A few years ago, there was a funeral home not far from here who basically did the same thing. I just can't imagine.
I haven't looked at Jenna's ashes, either. For one thing, I can't get her urn open. For another, I'm not sure how well I would handle it.
I also had tears at your story of your Dh taking her body to the cremation place. Big hugs to both of you.
Bless your sweet husband.
I was surprised at how little ashes there were. Ella's ashes are in a tiny pewter heart. I like the idea of spreading them somewhere special, but I also can't bear to be without them. So for now, the heart sits on my nightstand next to my side of the bed.
Thinking of you, your DH, and Lily tonight!

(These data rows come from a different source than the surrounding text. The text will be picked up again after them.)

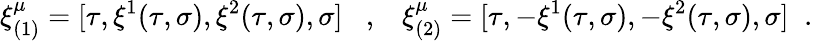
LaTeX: \xi_{(1)}^{\mu}=[\tau,\xi^{1}(\tau,\sigma),\xi^{2}(\tau,\sigma),\sigma]\; \; \; ,\; \; \; \xi_{(2)}^{\mu}=[\tau,-\xi^{1}(\tau,\sigma),-\xi^{2}(\tau,\sigma),\sigma]\; \; .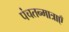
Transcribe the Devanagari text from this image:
पंचतन्मात्राएँ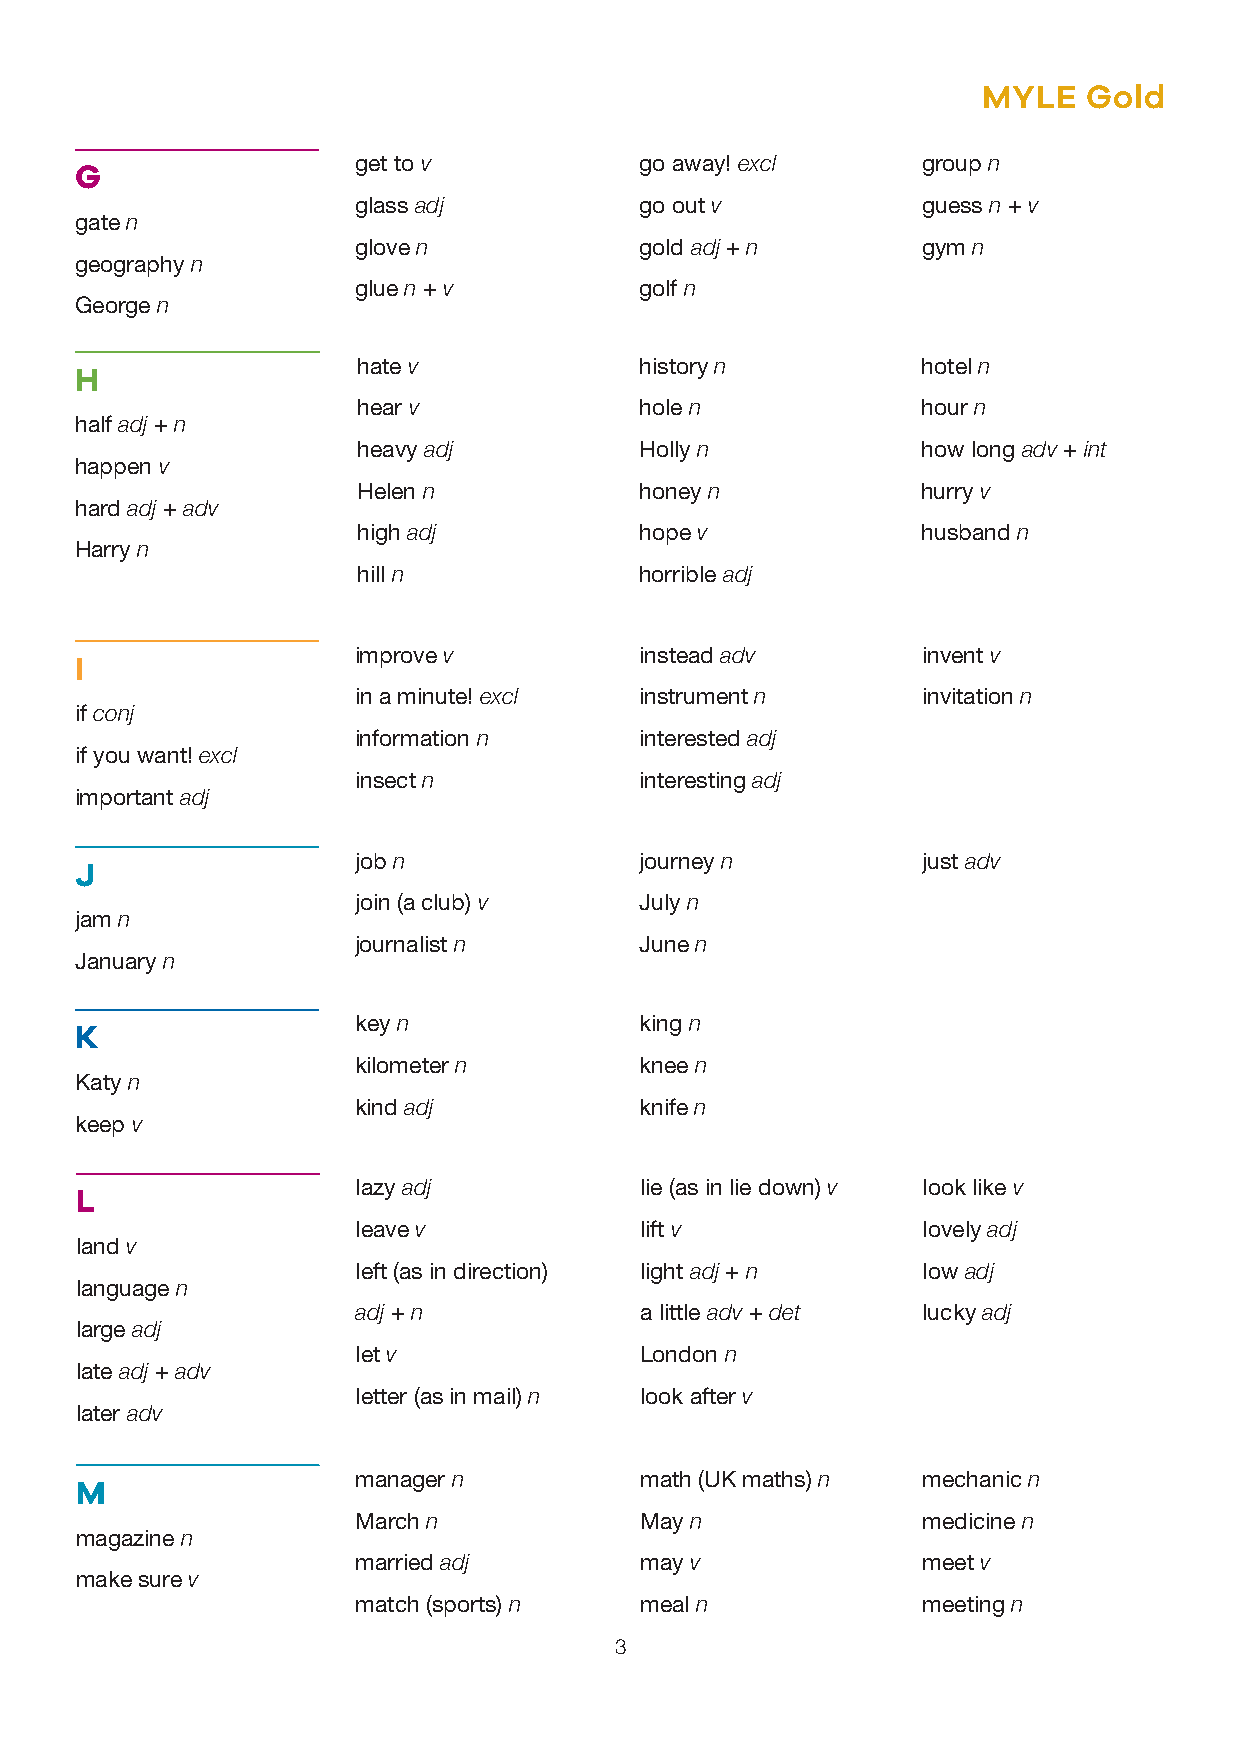
MYLE   Gold
 get to v           go away! excl      group n
 G
 glass adj          go out v           guess n + v
 gate n
 glove n            gold adj + n       gym n
 geography n
 glue n + v         golf n
 George n
 hate v            history n          hotel n
 H
 hear v            hole n             hour n
 half adj + n
 heavy adj         Holly n            how long adv + int
 happen v
 Helen n           honey n            hurry v
 hard adj + adv
 high adj          hope v             husband n
 Harry n
 hill n            horrible adj
 improve v          instead adv        invent v
 I
 in a minute! excl  instrument n       invitation n
 if conj
 information n      interested adj
 if you want! excl
 insect n           interesting adj
 important adj
 job n              journey n          just adv
 J
 join (a club) v    July n
 jam n
 journalist n       June n
 January n
 key n              king n
 K
 kilometer n        knee n
 Katy n
 kind adj           knife n
 keep v
 lazy adj          lie (as in lie down) v look like v
 L
 leave v           lift v             lovely adj
 land v
 left (as in direction) light adj + n low adj
 language n
 adj + n           a little adv + det lucky adj
 large adj
 let v             London n
 late adj + adv
 letter (as in mail) n look after v
 later adv
 manager n         math (UK maths) n  mechanic n
 M
 March n           May n              medicine n
 magazine n
 married adj       may v              meet v
 make sure v
 match (sports) n  meal n             meeting n
 3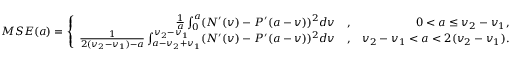
M S E ( a ) = \left\{ \begin{array} { r l r } { \frac { 1 } { a } \int _ { 0 } ^ { a } ( N ^ { \prime } ( v ) - P ^ { \prime } ( a - v ) ) ^ { 2 } d v } & { , } & { 0 < a \leq v _ { 2 } - v _ { 1 } , } \\ { \frac { 1 } { 2 ( v _ { 2 } - v _ { 1 } ) - a } \int _ { a - v _ { 2 } + v _ { 1 } } ^ { v _ { 2 } - v _ { 1 } } ( N ^ { \prime } ( v ) - P ^ { \prime } ( a - v ) ) ^ { 2 } d v } & { , } & { v _ { 2 } - v _ { 1 } < a < 2 ( v _ { 2 } - v _ { 1 } ) . } \end{array} \right.
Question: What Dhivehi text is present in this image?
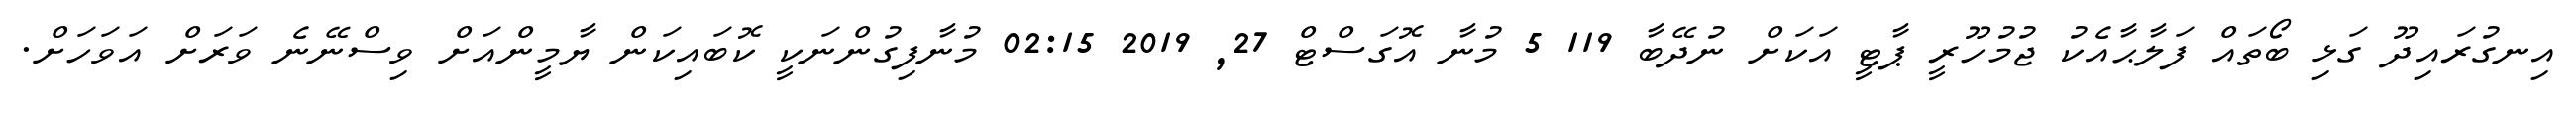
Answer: އިނގުރައިދޫ ގަޅި ބޯތައް ފަލާޙާއެކު ޖުމުހޫރީ ޕާޓީ އަކަށް ނުދޭބާ 119 5 މުނާ އޮގަސްޓް 27, 2019 02:15 މުނާފިގުންނަކީ ކޮބައިކަން ޔާމީންއަށް ވިސްނޭނެ ވަރަށް އަވަހަށް.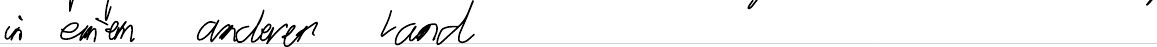
in einem anderen Land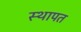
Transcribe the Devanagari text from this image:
स्थापत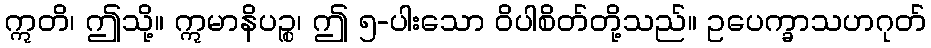
ဣတိ၊ ဤသို့။ ဣမာနိပဉ္စ၊ ဤ ၅-ပါးသော ဝိပါစိတ်တို့သည်။ ဥပေက္ခာသဟဂုတ်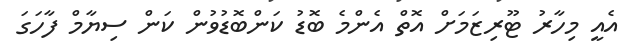
އެއީ މިހާރު ޓޫރިޒަމަށް އޮތް އެންމެ ބޮޑު ކަންބޮޑުވުން ކަން ސިޔާމް ފާހަގަ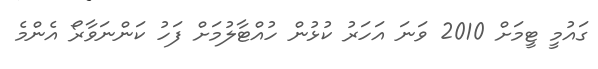
ގައުމީ ޓީމަށް 2010 ވަނަ އަހަރު ކުޅުން ހުއްޓާލުމަށް ފަހު ކަންނަވާރޯ އެންމެ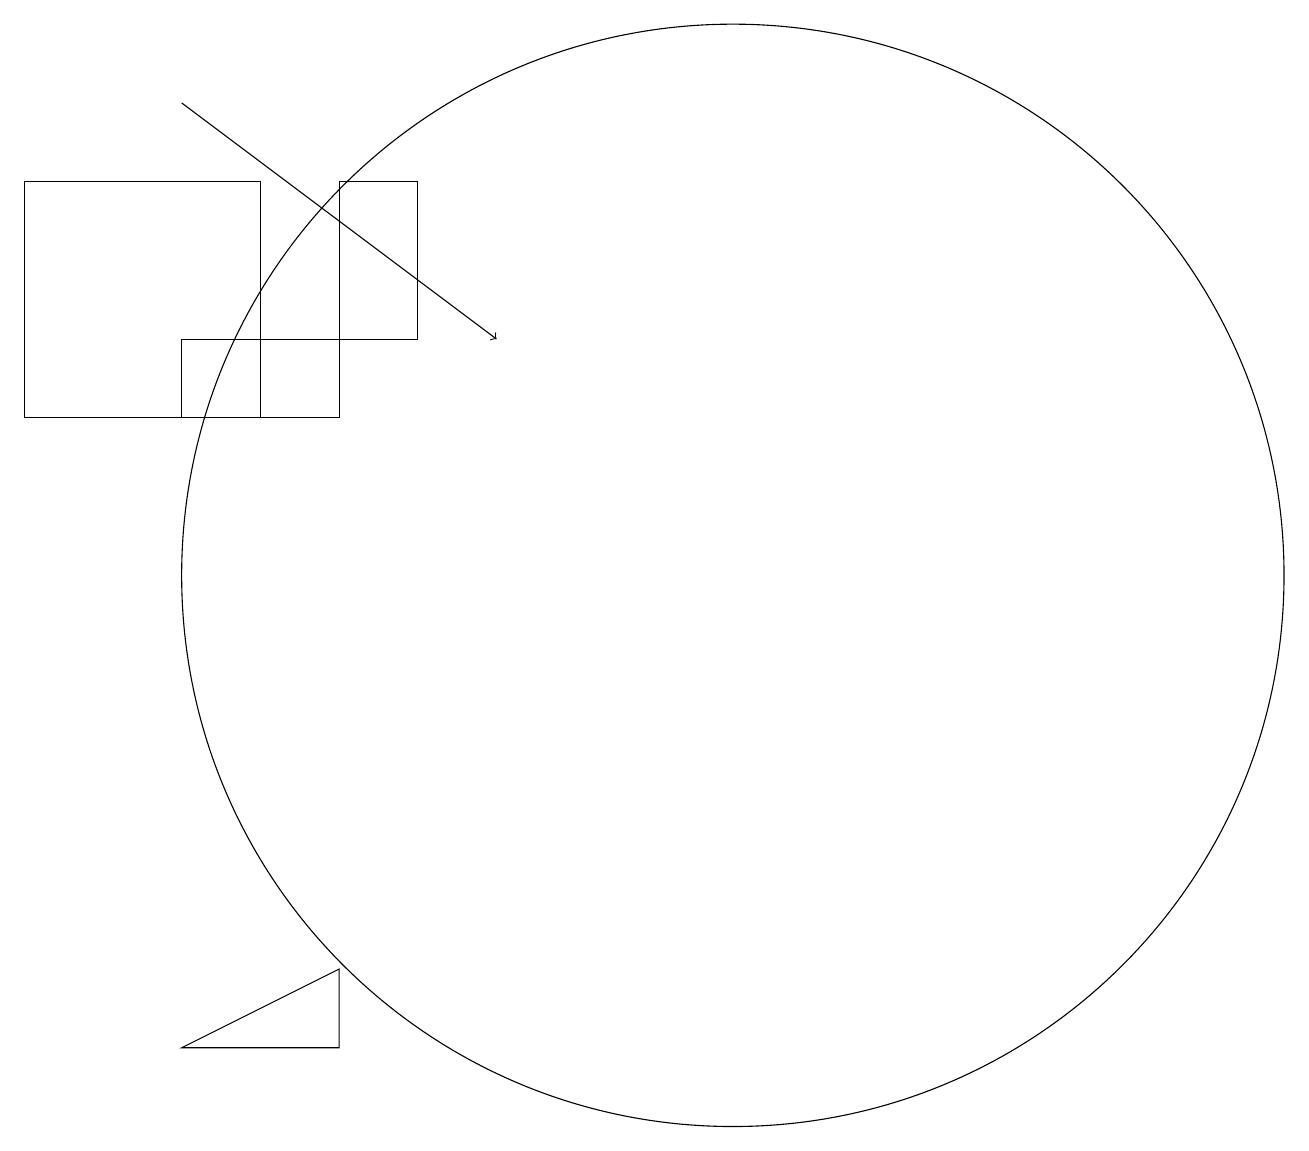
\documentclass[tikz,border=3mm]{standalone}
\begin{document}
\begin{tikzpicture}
\draw (6,13) rectangle (4,14);
\draw (11,11) circle (7);
\draw (7,14) rectangle (6,16);
\draw[->] (4,17) -- (8,14);
\draw (6,5) -- (4,5) -- (6,6) -- cycle;
\draw (5,16) rectangle (2,13);
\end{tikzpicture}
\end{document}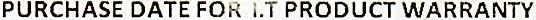
PURCHASE DATE FOR I.T PRODUCT WARRANTY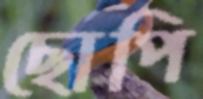
ছোপি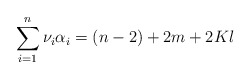
\begin{align*}\sum_{i=1}^{n}\nu_{i}\alpha_{i}=(n-2)+2m+2Kl\end{align*}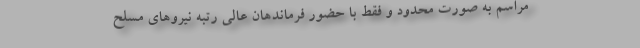
مراسم به صورت محدود و فقط با حضور فرماندهان عالی رتبه نیروهای مسلح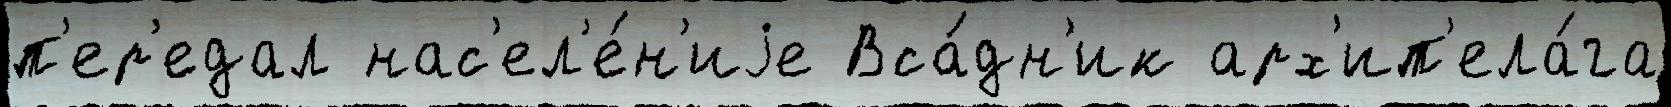
п'ер'едал нас'ел'е́н'иjе Вса́дн'ик арх'ип'ела́га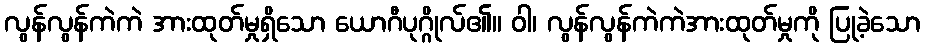
လွန်လွန်ကဲကဲ အားထုတ်မှုရှိသော ယောဂီပုဂ္ဂိုလ်၏။ ဝါ၊ လွန်လွန်ကဲကဲအားထုတ်မှုကို ပြုခဲ့သော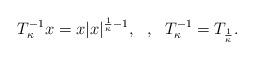
LaTeX: \begin{align*}T_{\kappa}^{-1}x = x |x|^{\frac{1}{\kappa}-1}, \ \ , \ \ T_{\kappa}^{-1} = T_{\frac{1}{\kappa}}.\end{align*}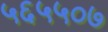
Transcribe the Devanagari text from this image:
५६५५०७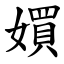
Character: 㜥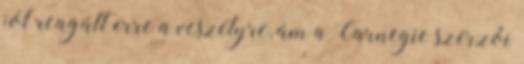
jól reagált erre a veszélyre, ám a Carnegie szerzői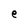
Character: e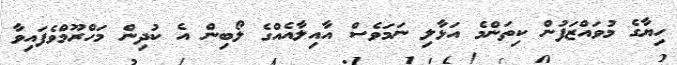
ހިޔާގެ މުވައްޒަފުން ކިތަންމެ އަޅާލި ނަމަވެސް އާއިލާއެއްގެ ލޯބިން އެ ކުދިން މަހްރޫމްވެފައިވާ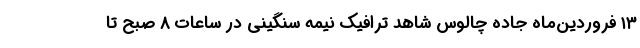
۱۳ فروردین‌ماه جاده چالوس شاهد ترافیک نیمه سنگینی در ساعات ۸ صبح تا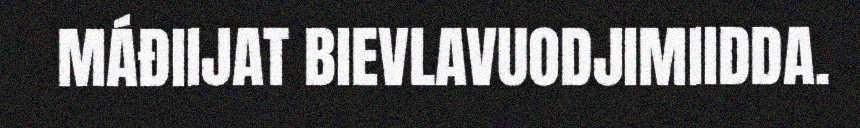
MÁĐIIJAT BIEVLAVUODJIMIIDDA.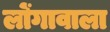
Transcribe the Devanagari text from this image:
लोंगावाला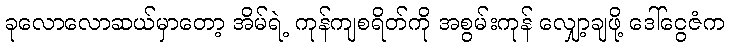
ခုလောလောဆယ်မှာတော့ အိမ်ရဲ့ ကုန်ကျစရိတ်ကို အစွမ်းကုန် လျှော့ချဖို့ ဒေါ်ငွေဇံက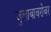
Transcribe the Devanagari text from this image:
जुलाबाबरोबर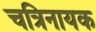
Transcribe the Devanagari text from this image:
चत्रिनायक
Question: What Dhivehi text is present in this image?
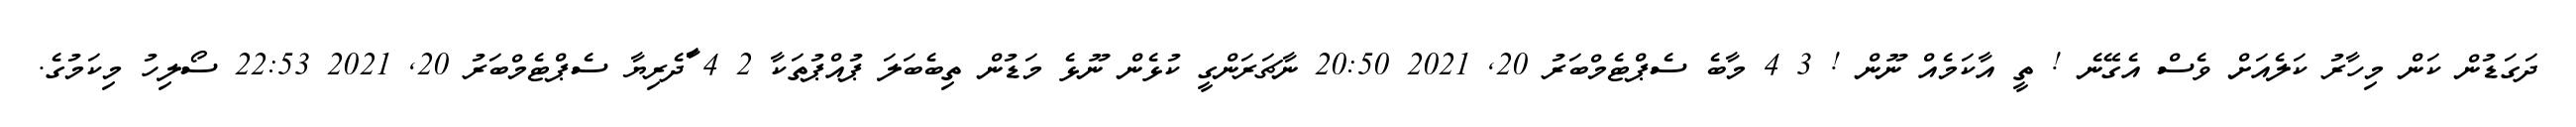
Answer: ދަގަޑުން ކަން މިހާރު ކަލެއަށް ވެސް އެގޭނެ ! ތީ އާކަމެއް ނޫން ! 3 4 މާބެ ސެޕްޓެމްބަރު 20, 2021 20:50 ނާޗަރަންގީ ކުޅެން ނޫޅެ މަޑުން ތިބެބަލަ ޕުއްޕުތަކާ 2 4 ާަދެރިޔާ ސެޕްޓެމްބަރު 20, 2021 22:53 ސޯލިހު މިކަމުގެ.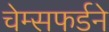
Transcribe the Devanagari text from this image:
चेम्सफर्डने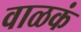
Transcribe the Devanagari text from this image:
वाळकं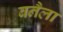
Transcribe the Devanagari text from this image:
बनैला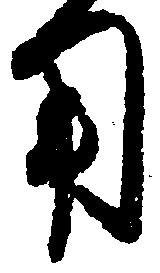
用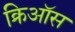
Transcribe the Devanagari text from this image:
क्रिऑस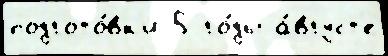
подгото́вк'и 5 го́ды а́вгуст'е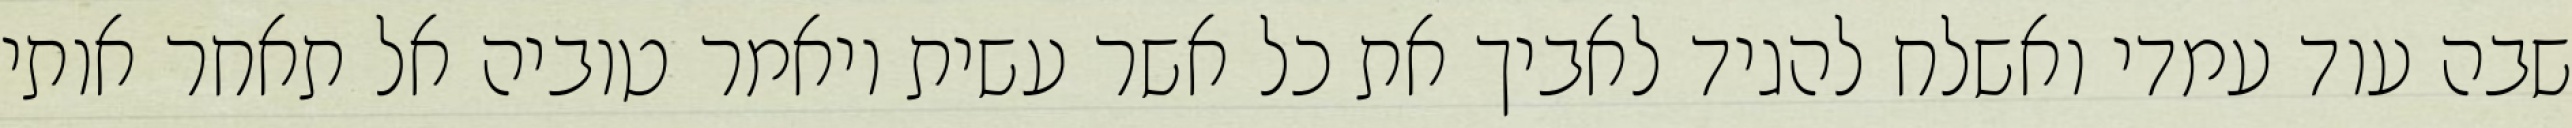
שבה עוד עמדי ואשלח להגיד לאביך את כל אשר עשית ויאמר טוביה אל תאחר אותי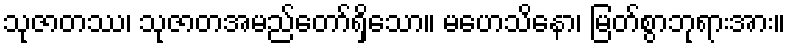
သုဇာတဿ၊ သုဇာတအမည်တော်ရှိသော။ မဟေသိနော၊ မြတ်စွာဘုရားအား။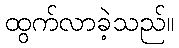
ထွက်လာခဲ့သည်။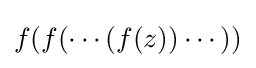
f(f(\cdots (f(z))\cdots ))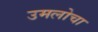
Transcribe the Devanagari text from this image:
उमलोचा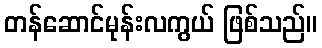
တန်ဆောင်မုန်းလကွယ် ဖြစ်သည်။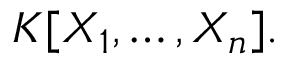
K [ X _ { 1 } , \dots , X _ { n } ] .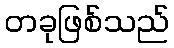
တခုဖြစ်သည်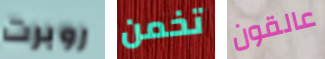
روبرت تخمن عالقون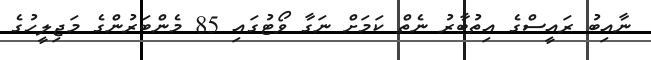
ނާއިބު ރައީސްގެ އިތުބާރު ނެތް ކަމަށް ނަގާ ވޯޓުގައި 85 މެންބަރުންގެ މަޖިލީހުގެ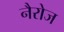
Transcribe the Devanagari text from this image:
नैरोज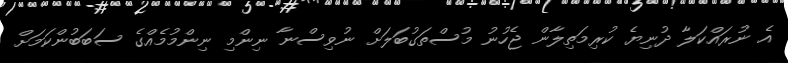
އެ ނުރައްކަލާ ދުނިޔެ ކުރިމަތިލާން ޖެހުނު މުސްތަގުބަލަަށް ނުވިސްނާ ނިންމި ނިންމުމެއްގެ ސަބަބުންކަމަށް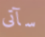
سآتى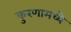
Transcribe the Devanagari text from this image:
कुरणामध्ये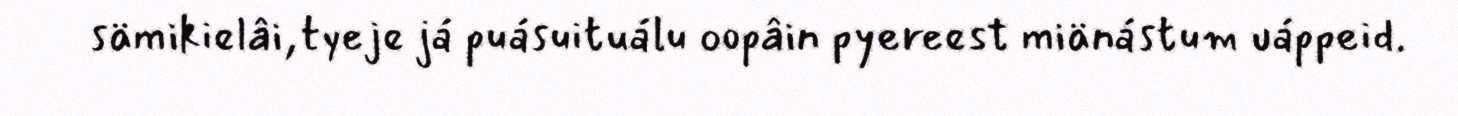
sämikielâi,tyeje já puásuituálu oopâin pyereest miänástum uáppeid.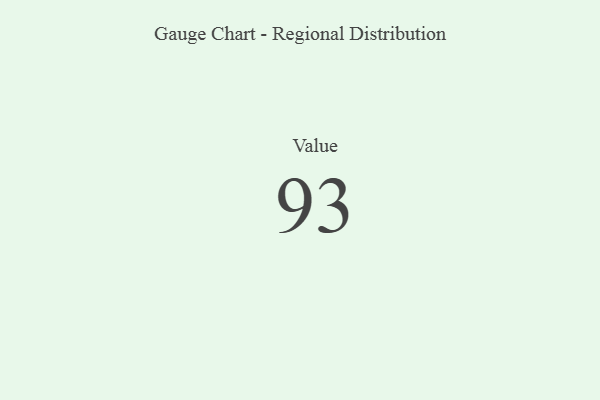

That is so sad. I'm so sorry for the person who had to find that out. It must have been something else to see those tiny ashes. Your husband sounds amazingly strong. Hugs.
I am so sorry Jen, I can only imagine how you felt - all the pain and memories... And that poor girl, what a shock it must have been to find her dad being there all along. Lots of love and hugs.
Just crying with you. It's hard to look at that tiny little drift of all that's left. Sometimes I shake Leila's memory box and listen to the tinkling of the ashes and imagine that's the music of her voice.
As much as their little lives impact you, it's heartbreaking to see the small amount of what we have left...
Loving you, sweetie. Would do anything to take away some of your pain! (but, because I can't, I'll just pray).